▼

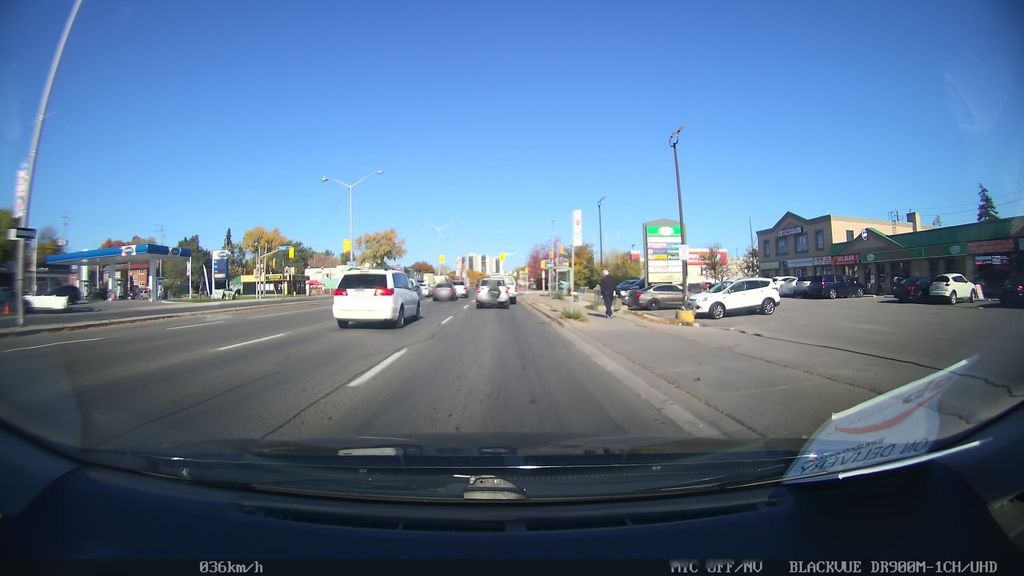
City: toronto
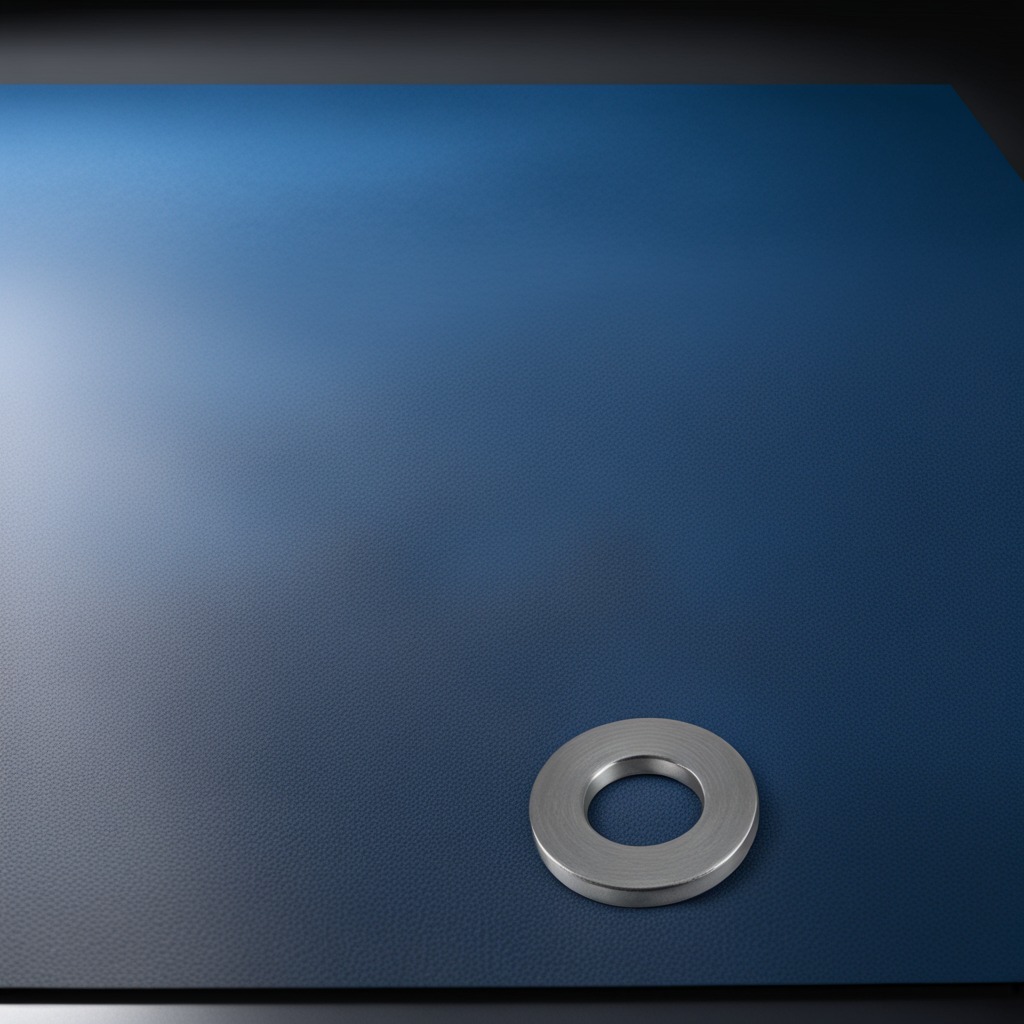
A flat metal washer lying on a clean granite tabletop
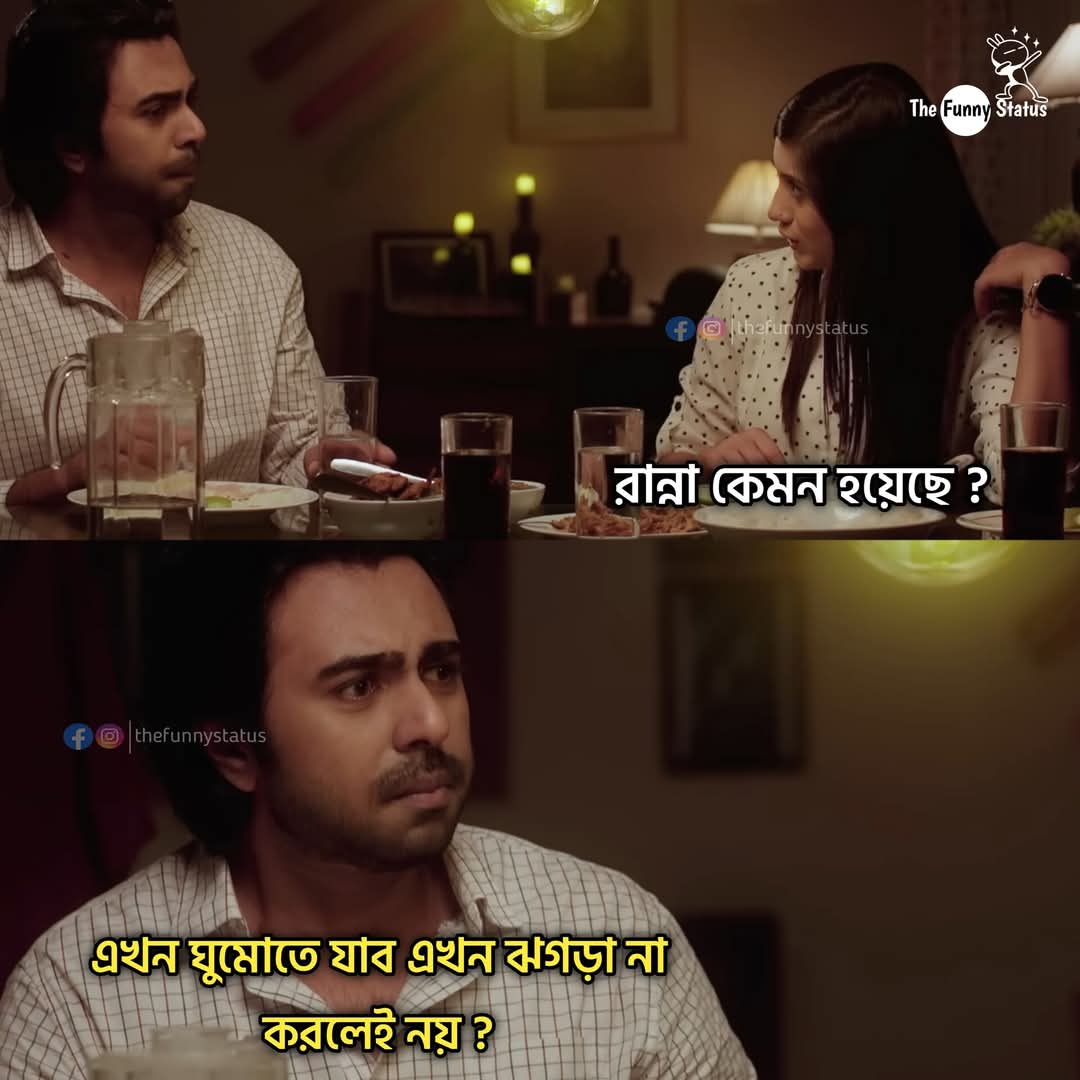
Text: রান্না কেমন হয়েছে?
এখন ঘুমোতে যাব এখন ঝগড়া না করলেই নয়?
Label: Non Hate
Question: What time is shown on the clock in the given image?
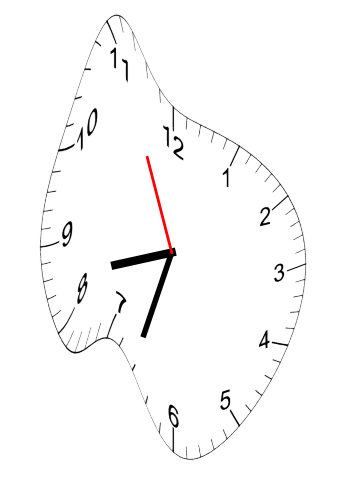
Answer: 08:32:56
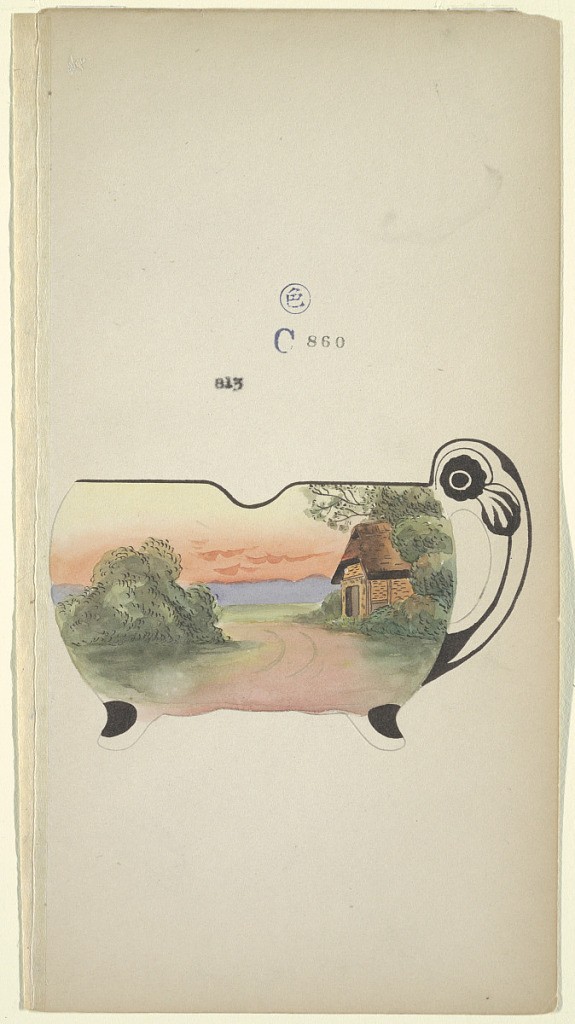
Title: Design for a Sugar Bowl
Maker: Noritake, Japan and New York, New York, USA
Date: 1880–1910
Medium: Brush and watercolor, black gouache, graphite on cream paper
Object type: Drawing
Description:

▲

--- What the task requires ---
A verbatim copy of every entry above, with no pictures, is the expected output.

--- Exercise response ---
City: toronto
A flat metal washer lying on a clean granite tabletop
Text: রান্না কেমন হয়েছে?
এখন ঘুমোতে যাব এখন ঝগড়া না করলেই নয়?
Label: Non Hate
Question: What time is shown on the clock in the given image?
Answer: 08:32:56
Title: Design for a Sugar Bowl
Maker: Noritake, Japan and New York, New York, USA
Date: 1880–1910
Medium: Brush and watercolor, black gouache, graphite on cream paper
Object type: Drawing
Description:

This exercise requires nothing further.